The U.S. House of Representatives passed a bill on March 13 that could ban TikTok in the United States.
A 13-page proposal urged the parent company Beijing ByteDance Technology Co. to sell its American operations of TikTok to a non-Chinese owner, otherwise it would be effectively banned in the United States, prohibiting app stores from hosting TikTok and other apps that are linked to ByteDance.
The bill passed in the House with 352 to 65 votes, with one member voting present. It has yet to pass in the Senate.
Although President Joe Biden expressed he would sign the bill into law if passed, it was met with a difference of opinions. Some argued the ban would hurt American users, pushing them to use alternative methods to access the platform or use similar ones that give more business to companies like Meta Platforms Inc. and Snap Inc. which already dominate the social media market.
On the other hand, there are privacy and data collection concerns because the company is based in Beijing. The United States’ foremost economic competitor, American legislators also pointed to TikTok’s wide user base and the accompanying risk of the Chinese Communist Party holding sway over the political opinions of young Americans.
In 2023, TikTok rolled out Project Texas, a massive corporate restructuring to earn the trust of American users. It was done in the wake of former President Donald Trump’s executive order in the summer of 2020.
A designated website called TikTok U.S. Data Security outlined the company’s commitment to U.S. national security, saying the American user experience is a “protected environment designed to safeguard you and your data.”
Project Texas cost the company more than $1.5 billion to secure and store data on Oracle Corporation’s servers on American soil to protect privacy from outside influence, but since then TikTok has been banned on government devices as well as in the military. It is also banned in China itself.
A poll conducted by John Della Volpe from SocialSphere Inc. found 53% of Gen Z users — the primary users of the platform — are not in favor of the ban while 49% of millennials, who more often use platforms like Instagram and Facebook, do support the bill while only 34% do not.
Civil liberty organizations such as American Civil Liberties Union and the Knight First Amendment Institute have opposed the measure over concerns it would violate first amendment rights.
“It could be a slippery slope,” Dan Ives, a security analyst from Wedbush Securities, said. “We should worry about retaliatory measures here from China. It could affect Tesla and Apple companies in China. It could have massive implications.”
Sen. Daniel Crenshaw from Texas offered an opposing view on the Senate floor.

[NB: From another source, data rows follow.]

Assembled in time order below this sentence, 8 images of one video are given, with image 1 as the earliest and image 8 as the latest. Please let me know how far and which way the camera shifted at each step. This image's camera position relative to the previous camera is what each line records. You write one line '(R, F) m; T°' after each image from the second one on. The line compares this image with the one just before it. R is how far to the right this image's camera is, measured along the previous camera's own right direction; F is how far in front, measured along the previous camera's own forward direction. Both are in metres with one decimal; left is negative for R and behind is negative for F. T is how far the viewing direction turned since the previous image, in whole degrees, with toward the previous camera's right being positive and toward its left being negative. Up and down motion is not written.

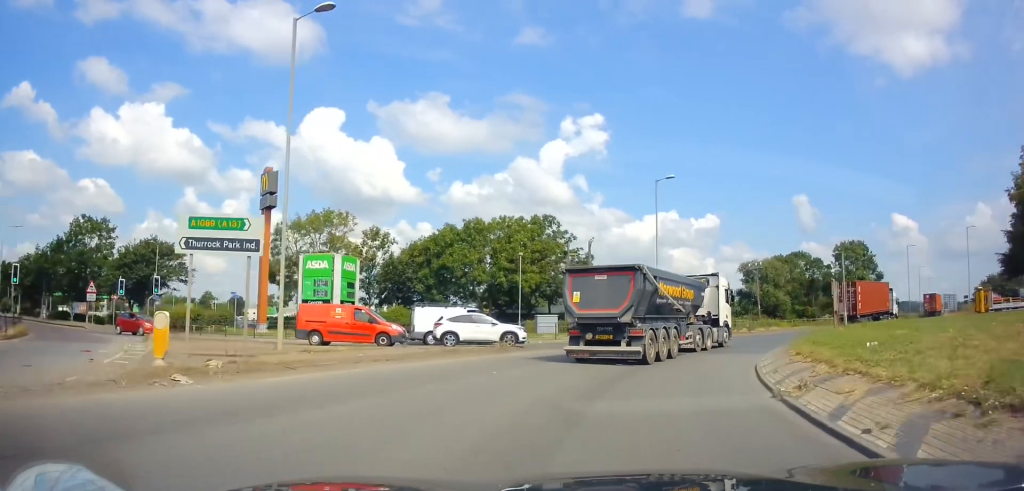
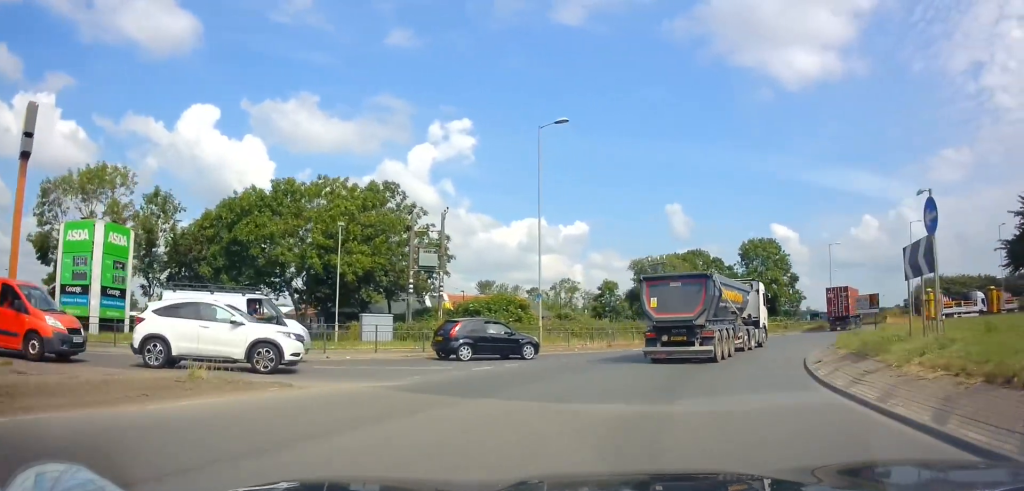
(+2.2, +13.9) m; +14°
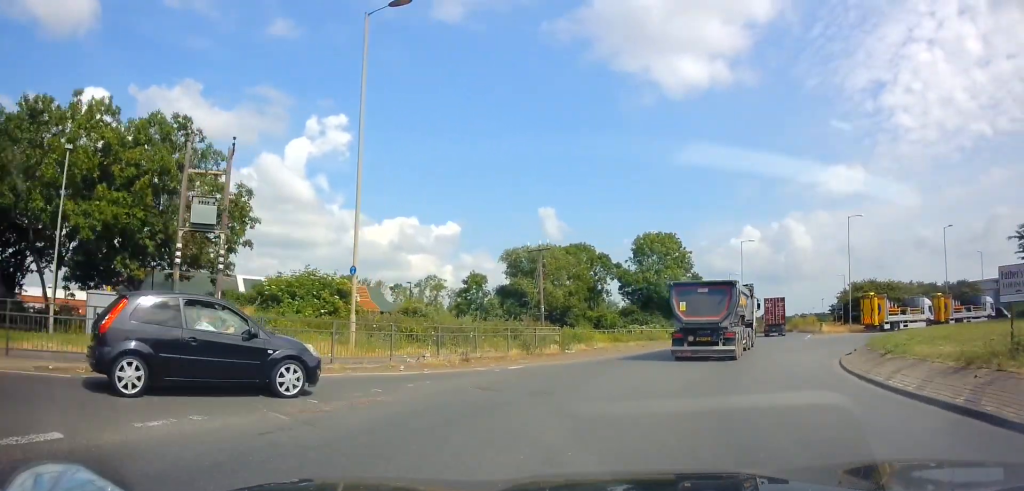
(+1.1, +11.6) m; +12°
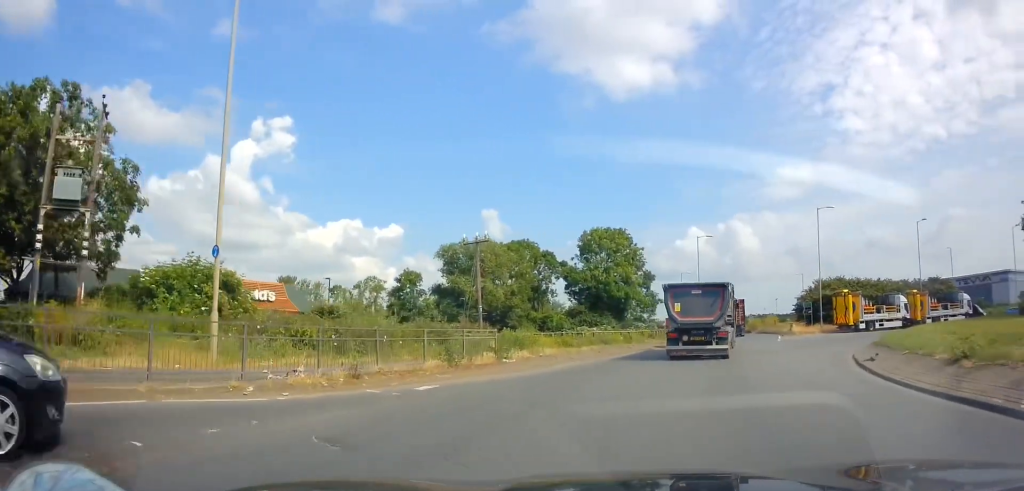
(+0.2, +5.0) m; +6°
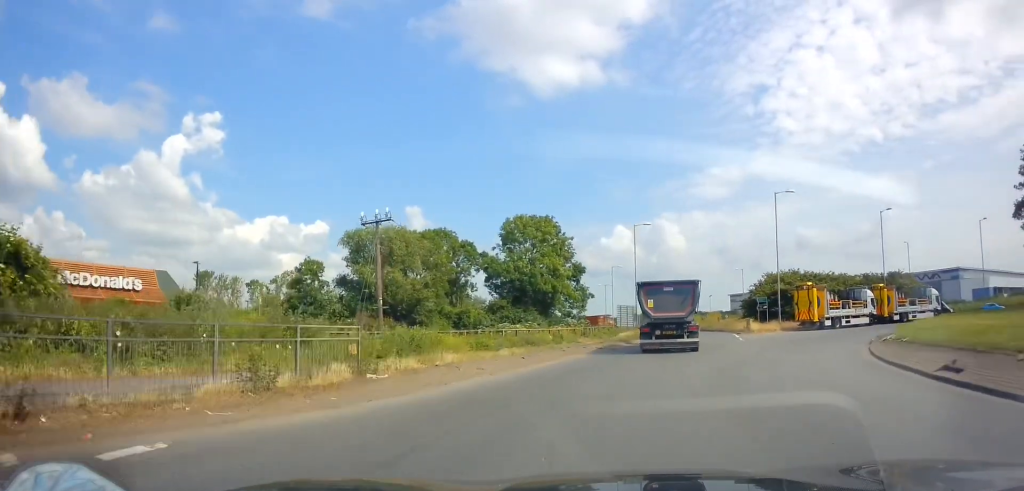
(+0.4, +6.8) m; +7°
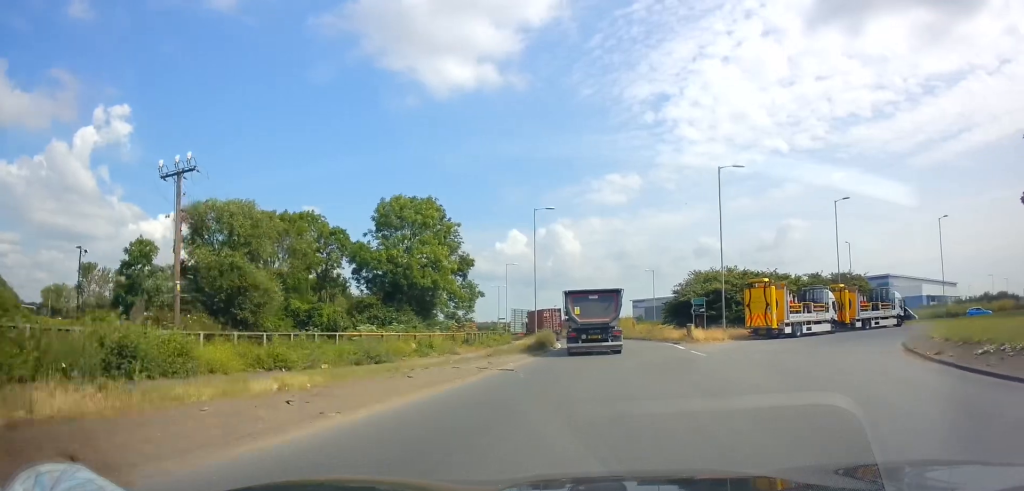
(+1.0, +10.8) m; +9°
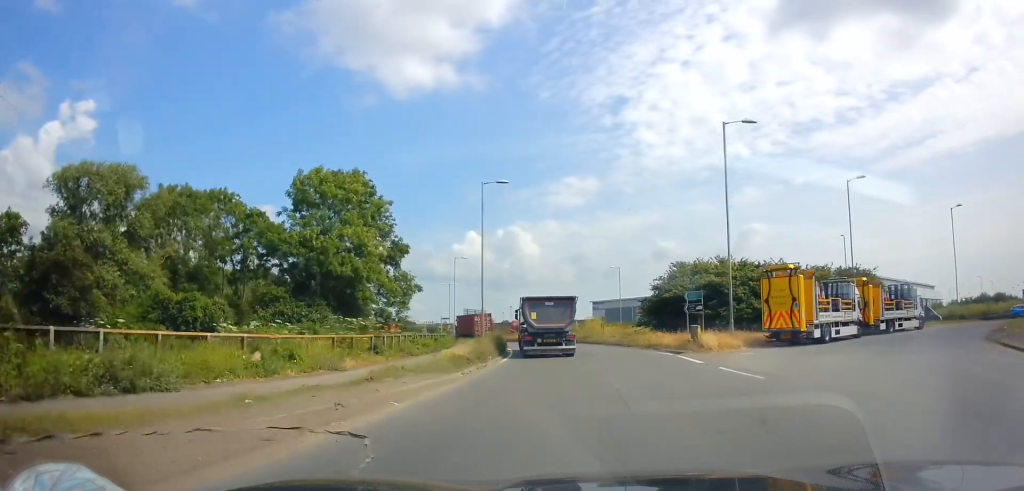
(+0.7, +10.0) m; +5°
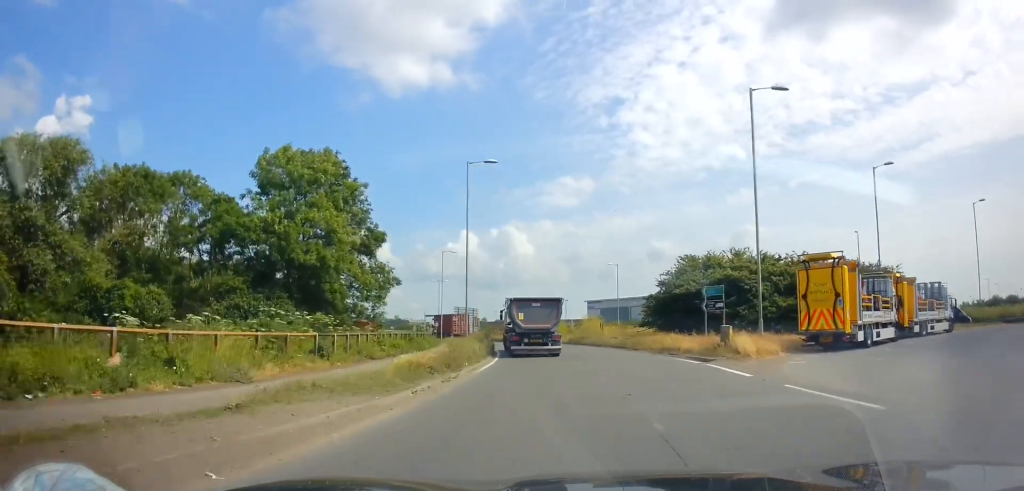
(+0.1, +5.0) m; +1°

“TikTok is owned by ByteDance, ByteDance is in China and when you are in China you do everything the Chinese party asks you to do,” he said. “If they want you to spy for them, you spy. That’s how that works… The first amendment does not give the Chinese communist party the right to American data or the right to manipulate the minds of Americans.”
U.S. TikTok CEO Shou Zi Chew released a video following the news calling the vote “disappointing” and thanking the community for their support, reassuring that the popular platform’s security is one of the safest in the market and they will continue to fight to protect the platform.
While U.S. lawmakers continue to debate the issue, over 7 million small businesses and 170 million users face an unknown outcome. If the ban becomes law, TikTok could still pursue legal actions to challenge the ban.